29.11.2011 | 11:52

102.000 Euro für Stadterneuerungsprojekt in Tulln

LH Pröll: Zur weiteren Steigerung der Lebensqualität

Auf Initiative von Landeshauptmann Dr. Erwin Pröll hat die NÖ Landesregierung in ihrer heutigen Sitzung beschlossen, der Stadtgemeinde Tulln an der Donau für ihr Projekt „Umweltfreundliche kinder- und jugendgerechte Mobilität" eine Förderung in der Höhe von 51.000 Euro aus den Mitteln der NÖ Stadterneuerung zu gewähren. Eine Förderung in der Höhe von weiteren 51.000 Euro wird für dieses Projekt aus dem Europäischen Fonds für Regionale Entwicklung EFRE (Programm „Stärkung der regionalen Wettbewerbsfähigkeit Niederösterreich 2007 bis 2013") zur Verfügung gestellt. Damit wird dieses Projekt, dessen Gesamtkosten sich auf rund 204.000 Euro belaufen, mit insgesamt 102.000 Euro unterstützt.

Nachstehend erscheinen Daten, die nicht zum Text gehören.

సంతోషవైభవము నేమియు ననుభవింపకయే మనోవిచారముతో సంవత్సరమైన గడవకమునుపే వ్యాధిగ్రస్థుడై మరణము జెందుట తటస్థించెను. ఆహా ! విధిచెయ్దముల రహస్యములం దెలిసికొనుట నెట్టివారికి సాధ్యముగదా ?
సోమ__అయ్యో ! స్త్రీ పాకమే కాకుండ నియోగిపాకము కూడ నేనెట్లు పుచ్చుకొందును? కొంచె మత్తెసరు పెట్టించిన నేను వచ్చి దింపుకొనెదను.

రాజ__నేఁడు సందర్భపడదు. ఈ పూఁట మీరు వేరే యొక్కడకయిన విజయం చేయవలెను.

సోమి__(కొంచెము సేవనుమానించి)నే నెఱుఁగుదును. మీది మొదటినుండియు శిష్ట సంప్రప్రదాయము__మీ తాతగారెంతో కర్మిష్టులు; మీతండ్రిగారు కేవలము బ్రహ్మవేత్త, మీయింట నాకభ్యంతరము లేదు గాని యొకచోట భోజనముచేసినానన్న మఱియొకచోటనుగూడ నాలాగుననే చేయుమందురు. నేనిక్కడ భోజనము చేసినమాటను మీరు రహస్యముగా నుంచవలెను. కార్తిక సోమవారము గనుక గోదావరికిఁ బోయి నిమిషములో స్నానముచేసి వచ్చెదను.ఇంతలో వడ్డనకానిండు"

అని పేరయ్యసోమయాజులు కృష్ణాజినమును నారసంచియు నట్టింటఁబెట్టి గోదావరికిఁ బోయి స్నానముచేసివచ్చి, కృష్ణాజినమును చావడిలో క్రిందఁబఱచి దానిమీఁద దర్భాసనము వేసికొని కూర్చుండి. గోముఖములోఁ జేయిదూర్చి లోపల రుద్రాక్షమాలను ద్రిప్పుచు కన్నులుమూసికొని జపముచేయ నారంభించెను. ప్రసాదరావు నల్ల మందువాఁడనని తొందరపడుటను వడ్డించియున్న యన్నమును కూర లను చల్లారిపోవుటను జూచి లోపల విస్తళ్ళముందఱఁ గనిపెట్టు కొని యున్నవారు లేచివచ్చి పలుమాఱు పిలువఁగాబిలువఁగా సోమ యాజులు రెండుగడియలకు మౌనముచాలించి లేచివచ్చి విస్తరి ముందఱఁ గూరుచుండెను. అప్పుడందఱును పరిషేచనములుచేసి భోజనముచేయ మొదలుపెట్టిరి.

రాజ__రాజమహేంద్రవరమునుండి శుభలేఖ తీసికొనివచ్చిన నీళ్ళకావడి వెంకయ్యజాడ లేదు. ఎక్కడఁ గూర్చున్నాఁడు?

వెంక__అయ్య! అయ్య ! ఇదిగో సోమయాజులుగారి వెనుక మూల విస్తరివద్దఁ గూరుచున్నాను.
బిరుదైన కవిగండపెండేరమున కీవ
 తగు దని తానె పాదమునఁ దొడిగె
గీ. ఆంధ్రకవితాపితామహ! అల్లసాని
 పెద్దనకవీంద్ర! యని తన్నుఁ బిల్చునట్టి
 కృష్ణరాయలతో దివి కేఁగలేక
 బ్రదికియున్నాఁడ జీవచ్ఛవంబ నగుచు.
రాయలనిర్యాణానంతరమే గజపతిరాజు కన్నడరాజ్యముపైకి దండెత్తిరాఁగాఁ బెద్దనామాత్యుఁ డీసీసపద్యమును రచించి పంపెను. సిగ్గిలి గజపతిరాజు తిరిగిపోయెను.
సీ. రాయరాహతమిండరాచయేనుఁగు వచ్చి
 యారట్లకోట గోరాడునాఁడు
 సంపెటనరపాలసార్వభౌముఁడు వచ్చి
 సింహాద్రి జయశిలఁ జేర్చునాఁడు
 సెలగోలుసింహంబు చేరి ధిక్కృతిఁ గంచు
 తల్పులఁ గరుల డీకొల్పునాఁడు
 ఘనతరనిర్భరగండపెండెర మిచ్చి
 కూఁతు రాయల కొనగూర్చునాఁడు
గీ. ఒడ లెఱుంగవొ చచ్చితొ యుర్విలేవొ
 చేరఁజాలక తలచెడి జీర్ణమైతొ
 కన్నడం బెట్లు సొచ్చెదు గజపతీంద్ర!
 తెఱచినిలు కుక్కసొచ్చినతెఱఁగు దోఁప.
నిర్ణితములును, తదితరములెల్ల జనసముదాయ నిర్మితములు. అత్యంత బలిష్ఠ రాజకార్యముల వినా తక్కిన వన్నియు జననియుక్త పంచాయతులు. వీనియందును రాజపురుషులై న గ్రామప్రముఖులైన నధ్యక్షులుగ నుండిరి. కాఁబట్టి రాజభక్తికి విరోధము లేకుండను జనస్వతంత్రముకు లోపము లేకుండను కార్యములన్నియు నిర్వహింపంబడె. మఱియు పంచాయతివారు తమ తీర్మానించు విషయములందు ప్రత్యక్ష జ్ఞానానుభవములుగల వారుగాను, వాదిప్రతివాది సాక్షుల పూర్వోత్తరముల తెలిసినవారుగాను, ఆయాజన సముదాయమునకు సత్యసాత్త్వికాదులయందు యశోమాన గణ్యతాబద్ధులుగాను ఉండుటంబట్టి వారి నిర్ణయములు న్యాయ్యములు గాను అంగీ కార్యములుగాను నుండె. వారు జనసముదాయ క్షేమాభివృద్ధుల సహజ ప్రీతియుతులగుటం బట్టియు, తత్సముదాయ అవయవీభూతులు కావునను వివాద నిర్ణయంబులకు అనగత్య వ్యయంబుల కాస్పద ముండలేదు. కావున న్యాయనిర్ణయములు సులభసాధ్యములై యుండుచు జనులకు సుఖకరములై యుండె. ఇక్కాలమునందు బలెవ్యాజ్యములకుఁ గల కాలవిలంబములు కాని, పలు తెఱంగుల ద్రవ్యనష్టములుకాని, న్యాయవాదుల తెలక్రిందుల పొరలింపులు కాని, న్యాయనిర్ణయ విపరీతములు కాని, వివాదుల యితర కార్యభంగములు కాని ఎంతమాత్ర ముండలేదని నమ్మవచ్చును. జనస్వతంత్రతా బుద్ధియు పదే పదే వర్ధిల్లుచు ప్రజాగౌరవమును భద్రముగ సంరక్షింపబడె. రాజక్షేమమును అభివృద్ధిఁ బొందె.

„Durch die Stadterneuerungsaktion des Landes Niederösterreich entstehen im gesamten Bundesland immer wieder Projekte, die zur Steigerung der Lebensqualität im Land beitragen. Das aktuelle Projekt der Stadt Tulln an der Donau, das insbesondere Kindern und Jugendlichen neue Freiräume in der Stadt schaffen soll und auf umweltfreundliche Mobilität setzt, ist in diesem Zusammenhang ein wichtiger weiterer Schritt. Umso mehr, als sich die Stadt Tulln in der Vergangenheit weit über ihre Grenzen hinaus einen Namen gemacht hat und als ‚Rosenstadt\', als Standort der ‚Garten Tulln\', als Messe- oder auch als Technologie- und Forschungsstandort zu den ersten Aushängeschildern Niederösterreichs gehört", sagte der Landeshauptmann zu diesem Beschluss der NÖ Landesregierung.

Das Projekt „Umweltfreundliche kinder- und jugendgerechte Mobilität" ist Bestandteil des Stadterneuerungskonzeptes der Stadtgemeinde Tulln an der Donau, die 2007 in die Stadterneuerungsaktion des Landes Niederösterreich aufgenommen wurde. Ziel des Projekts ist die Umsetzung von Maßnahmen, die der Verbesserung von Freiräumen für verschiedene Nutzergruppen dienen. Erarbeitet wurden diese Maßnahmen im Rahmen einer Projektübung der Universität für Bodenkultur, betroffene Kinder und Jugendliche wurden in die Übung einbezogen. Im Konkreten soll zum einen der Eingangsbereich vor der neuen Sporthalle des Bundesschulzentrums neu gestaltet, zum anderen sollen für Radfahrerinnen und -fahrer sowie für Fußgängerinnen und Fußgänger Querungshilfen über die Langenlebarner Straße errichtet werden.